The following is a summary of some very obvious things that unfortunately, were learned mostly the hard way. Some of the more experienced will laugh and say "everybody knows that" Well, I to would likely think that today but, 3 years or so ago when discus launch began becoming popular a lot of this stuff had to be learned the hard way. I get questions and horror storys every day that indicate that we can possibly help someone avoid the steep part of the learning curve. Pay attention and you will have a that flys better, launches higher and doesn’t plague you with small problems during each flying session.
Wing to fuse
The wing saddle is definitely the single most "stressed" part of the air frame. During launch the tail is trying to leave the plane from centrifical force and in the front of the plane the battery is trying to do the same thing. All this stress is focused at the wing saddle.The more "solid that you can make the wing to fuse joint, the less likely that the fuse can flex in this area and create a problem. I strongly recommend on any DLG that you take the time to seat the wing to the fuse. Simply protect the bottom of the wing with sarab wrap or packing tape, apply a small amount of epoxy and microballoons to the wing saddle and bolt the wing down. The ‘splooge" mixture will create a perfect fit for the wing. I have seen this simple modification increase launch height, eliminate strange directional launch problems and with the solid mount the fuse will last a lot longer under stress.
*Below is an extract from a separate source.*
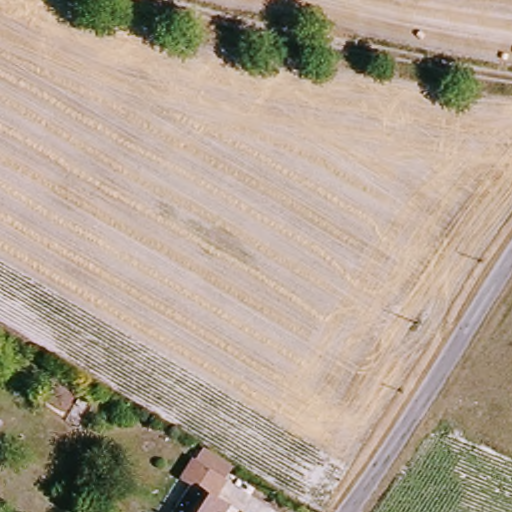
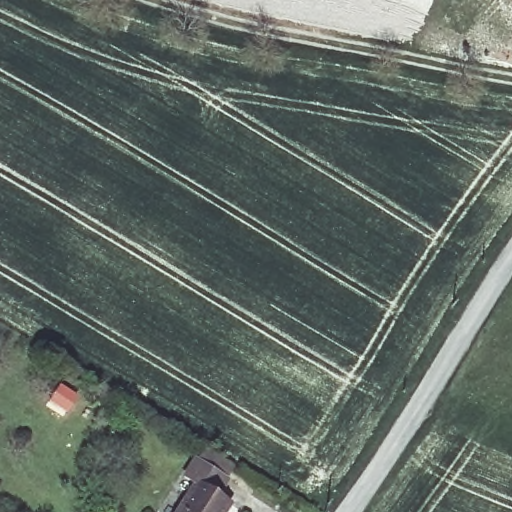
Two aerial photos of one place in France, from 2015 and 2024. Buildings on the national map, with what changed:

Use the best servo that you can in this application. With the new airfoils and almost all DLG’s now being flaperon, centering and resolution are critical. When you are moving 1/4th to 1/3rd of the wing, the tiniest bit of poor centering or slop can create two completely different airfoils from panel to panel requiring constant correction. Any control input creates drag and should be avoided unless it is necessary. On the XP-3 I do most of my flying with rudder elevator except in windy conditions and situations requiring a quick correction. My personal choice for aileron servos is JR 281 Digital or JR 241 analog. These servos have the best resolution and centering of any I have tried.
Assuming a good servo without slop, ALL play must be removed from linkage. If this requires drilling your own holes in servo arms and control horns to eliminate slop, so be it. Any other questions, refer to the first sentence.
Simply the same as the aileron linkage. NO slop. Most DLG’s are now using pushrods that are routed outside the boom and can easily be firmly attached the whole length of the housing. At either end the push rod should be unsupported ONLY enough to compensate for travel and the housing should be supported all the way to the end. .030 carbon makes a very good pushrod material or some of the more serious guys go to .020 music wire. Either one can be made slop free and will work fine. Do not let a large area of unsupported housing in the wing saddle area or play will result. Again, if you have to drill your own holes in the horns and servo arms, do it. The result will be better launching, more precise control and a generally better flying plane.
Vertical and horizontal tail
These come bagged and shaped to outline with an airfoil taper already in the aft section. TAKE THE TIME to correctly shape the leading edges for a big decrease in drag and increase in efficiency. Instead of simply rounding them off take the time to sand in a nice oval or "egg" shape. After I do this I like to seal the edges with thin CA. It waterproofs the area and greatly adds to the stiffness of the surface.
On the vertical fin, slot the boom half way for the mounting and the fin the other half. Attach as normal and THEN take the time to put one or two quick wraps of kevlar thread around the boom at the front edge of the fin and attach with thin CA. This will GREATLY reduce the chances of splitting the boom if the plane is skidded sideways on landing.
Most recievers are run "out of the case" Simply put a wrap of tape around the reciever to secure the crystal. I know of MANY planes lost because the crystal came out of the reciever.
Make sure the battery and any balancing lead are SECURELY fastened, it WILL move!
After the Above
- TRIM THE PLANE
- TRIM THE PLANE
- See #1 and #2
I’m always amazed at the amount of airplanes I come across at contests and such that fly and launch poorly and after we spend a little time trimming, it’s a whole new plane! Folks tell me "I don’t use camber because it doesn’t make any difference" Good Lord man, on a modern airfoil created to utilize reflex and camber, if you don’t see a difference, the Dang plane needs some serious trimming! It’s that simple. There are good trim and set up articles on the site by Mark Drela, Craig Greening and others. Read them, if you don’t understand, e-mail or call and tell me what the problem is and most times it’s a simple fix.
Guys, I don’t claim to be an expert, these are things learned by trial and error and some application of common sense. If you dissagree, so be it. If you do the above you will increase launch height, dead air time and generally enjoy your plane much more.